• **Exercise brief**:
For each record, copy the text exactly and omit any picture it holds.
───
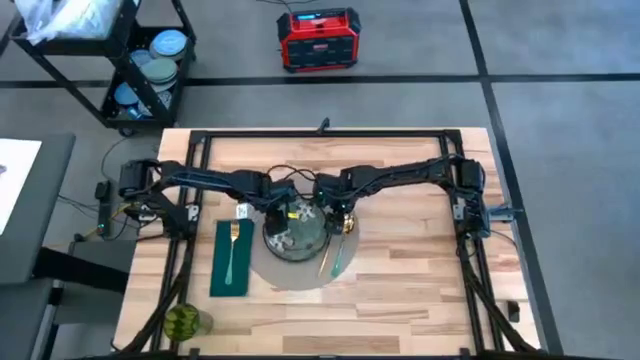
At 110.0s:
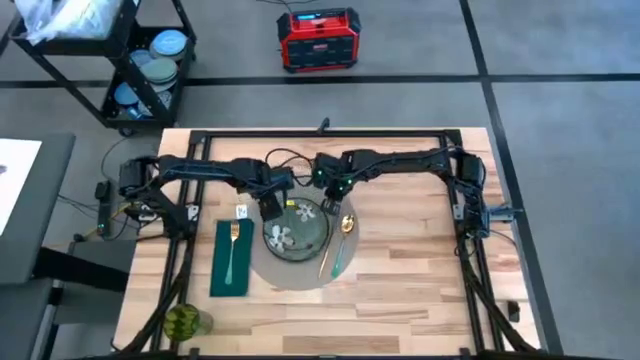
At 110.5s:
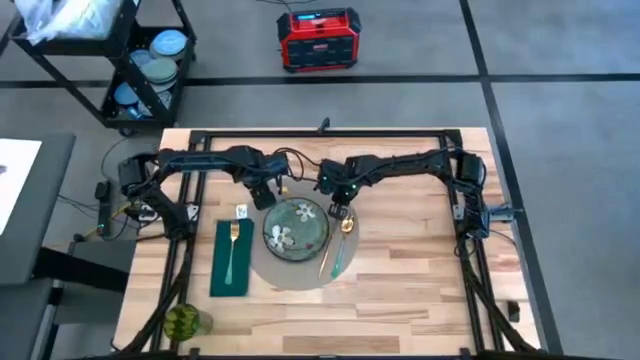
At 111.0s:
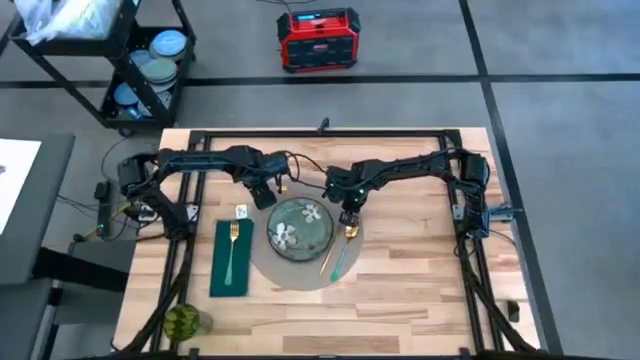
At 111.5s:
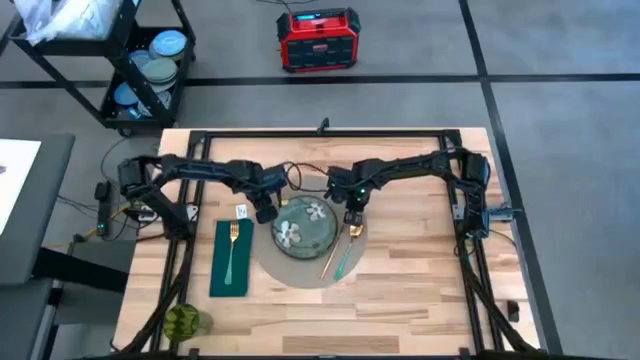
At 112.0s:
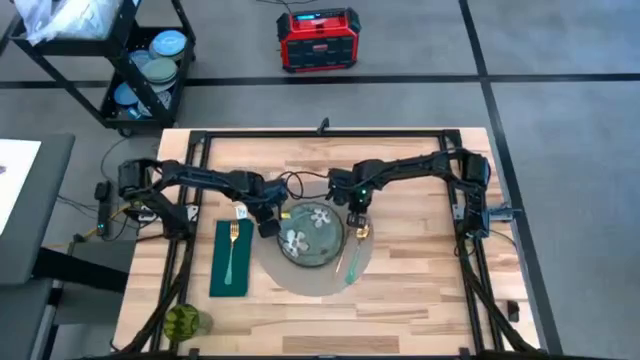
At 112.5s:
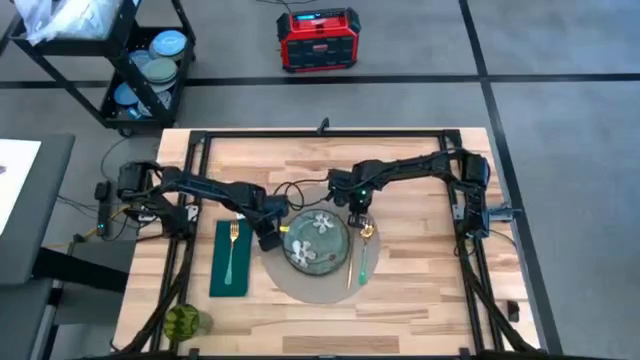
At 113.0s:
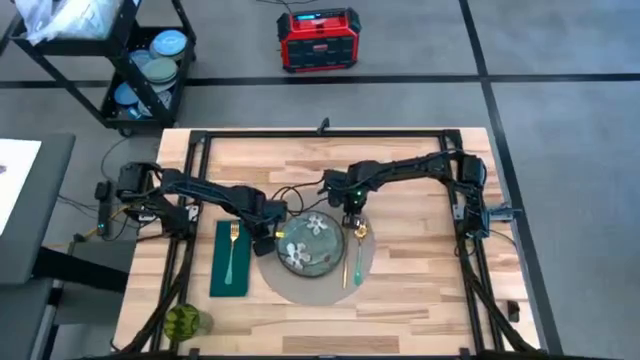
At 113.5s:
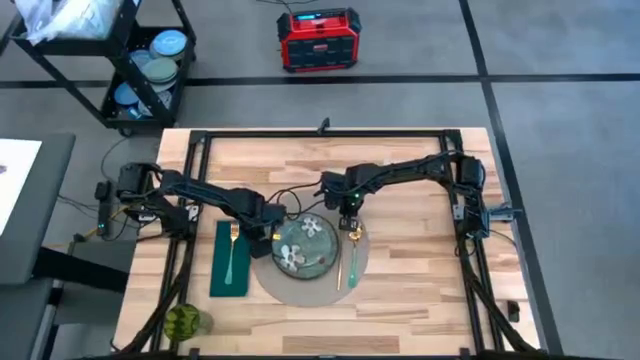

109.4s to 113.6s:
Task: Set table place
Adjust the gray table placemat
───
• **Solution**:
At 110.0s:
At 110.5s:
At 111.0s:
At 111.5s:
At 112.0s:
At 112.5s:
At 113.0s:
At 113.5s:

109.4s to 113.6s:
Task: Set table place
Adjust the gray table placemat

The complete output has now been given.